When writing a report, it became troublesome to clip and save images (circuit diagrams, etc.) from the pdf sent in pdf format, and to just copy the table. The useful apps and code that do them didn't come out as a quick look. Then let's make it. The extraction of the table did not go well, but the burden was reduced because I was able to get the values (; ^ _ ^ A)

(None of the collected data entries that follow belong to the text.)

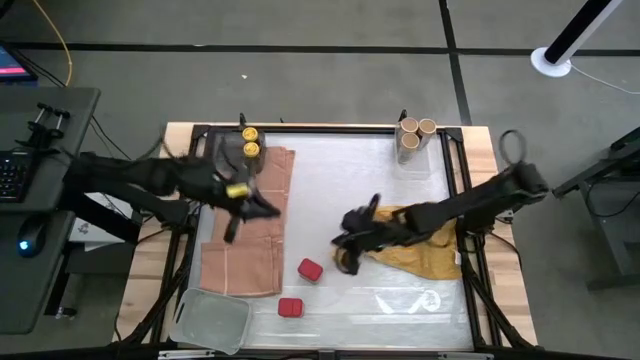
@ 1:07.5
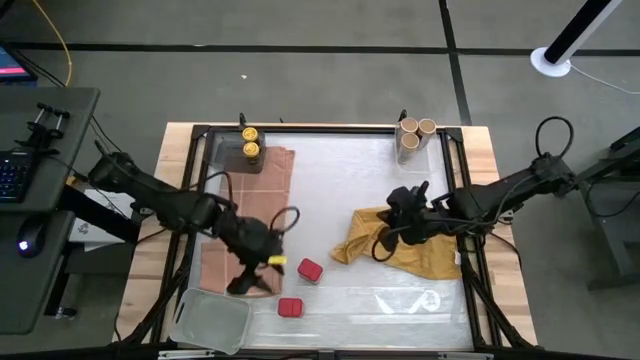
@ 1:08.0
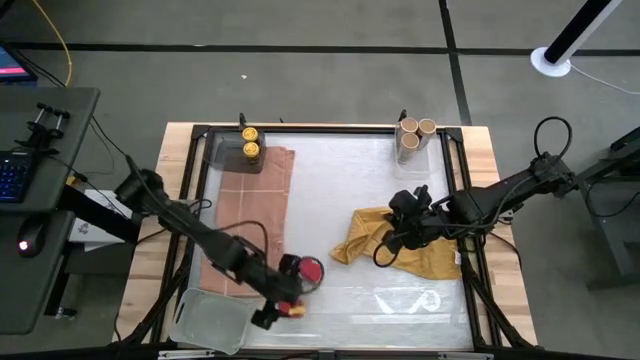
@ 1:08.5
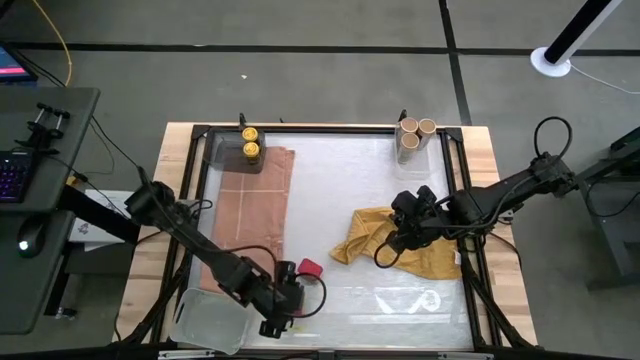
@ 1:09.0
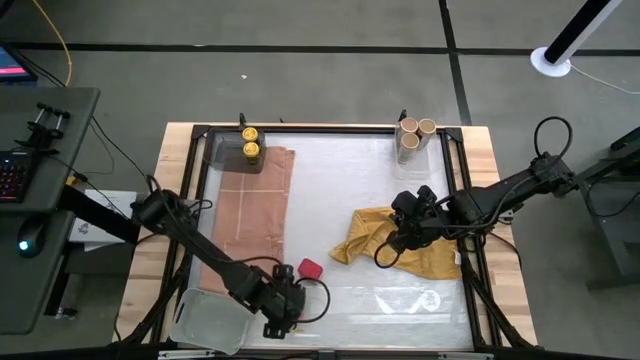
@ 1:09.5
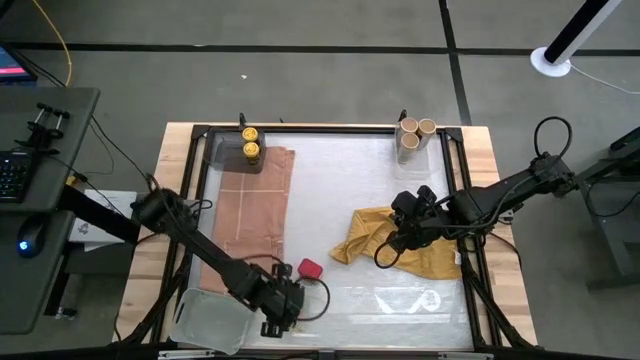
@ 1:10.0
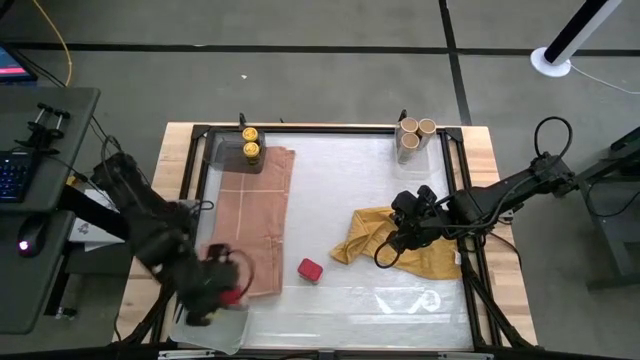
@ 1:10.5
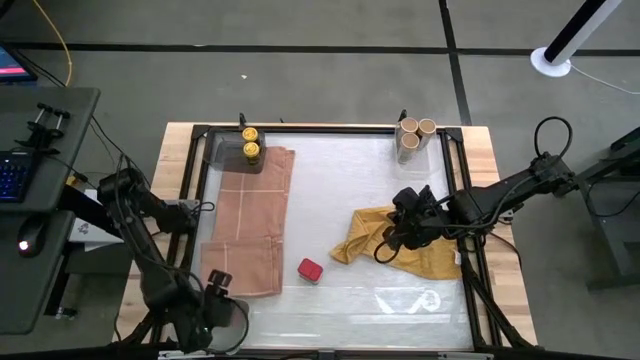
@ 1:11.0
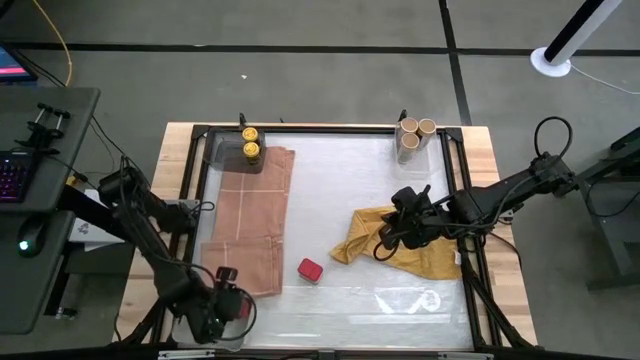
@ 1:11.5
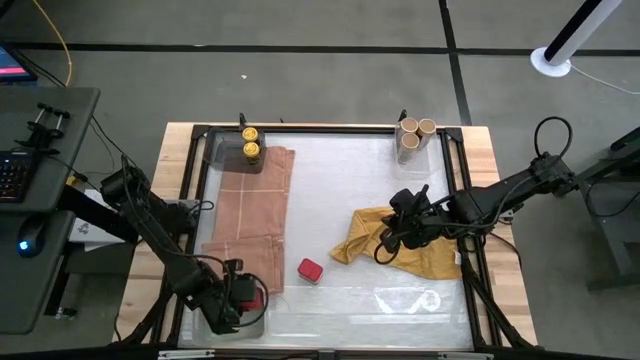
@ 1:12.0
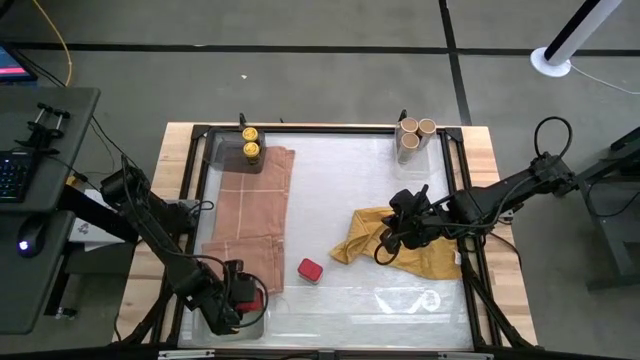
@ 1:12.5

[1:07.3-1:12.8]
Put the bottom red seasoning can into the gray bin

I put it on git, so if you like https://github.com/kzrn3318/create_img_excel_from_pdf

environment

os：windows10
python: Created with version 3.8

Installation of required libraries


pip install pypdf2
pip install pillow
pip install PyMuPDF
pip install fitz
pip install pandas
pip install camelot-py[cv]

If you don't have ghostscript at runtime, you may get an error, in which case you should install ghostscript. Since it is windows 10 at the time of code creation, it may not work on other os due to the character string of path, in that case please rewrite the path of the code so that it can be adapted. We have not confirmed the operation with other os.

Code body

Below is the code

`main.py`


import PyPDF2
from PIL import Image
import sys,os
import glob
import fitz
import camelot
import pandas as pd

def create_dir(img_dir , pdf_dir , excel_dir):
    img_dir_glob = glob.glob(str(img_dir))
    pdf_dir_glob = glob.glob(str(pdf_dir))
    excel_dir_glob = glob.glob(str(excel_dir))
    
    if len(pdf_dir_glob) > 0:
        pass
    else:
       os.mkdir(str(pdf_dir))
       
    if len(img_dir_glob) > 0:
        pass
    else:
        os.mkdir(str(img_dir))
    
    if len(excel_dir_glob) > 0:
        pass
    else:
        os.mkdir(str(excel_dir))
        

def create_page_pdf(pdf,page_count,pdf_dir):
    pdf_writer = PyPDF2.PdfFileWriter()
    pdf_writer.addPage(pdf.getPage(page_count))
    
    with open(".\\"+str(pdf_dir)+"\pdf{}.pdf".format(page_count),"wb") as f:
        pdf_writer.write(f)
    

def create_png(pdf_path,page_count,img_dir):
    pdf  = fitz.open(pdf_path)
    for num in range(len(pdf)):
        num_count = 0
        for image in pdf.getPageImageList(num):
            num_count += 1
            xref = image[0]
            pix = fitz.Pixmap(pdf,xref)
            
            if pix.n < 5:
                pix.writePNG(".\\"+str(img_dir)+"\img{}_{}.png ".format(page_count,num_count))
            else:
                pix = fitz.Pixmap(fitz.csRGB,xref)
                pix.writePNG(".\\"+str(img_dir)+"\img{}_{}.png ".format(page_count,num_count))
            
            pix = None
    
    pdf.close()
    
    
def create_excel(pdf_path,excel_dir,data_count):
    
    datas = camelot.read_pdf(pdf_path,split_text=True)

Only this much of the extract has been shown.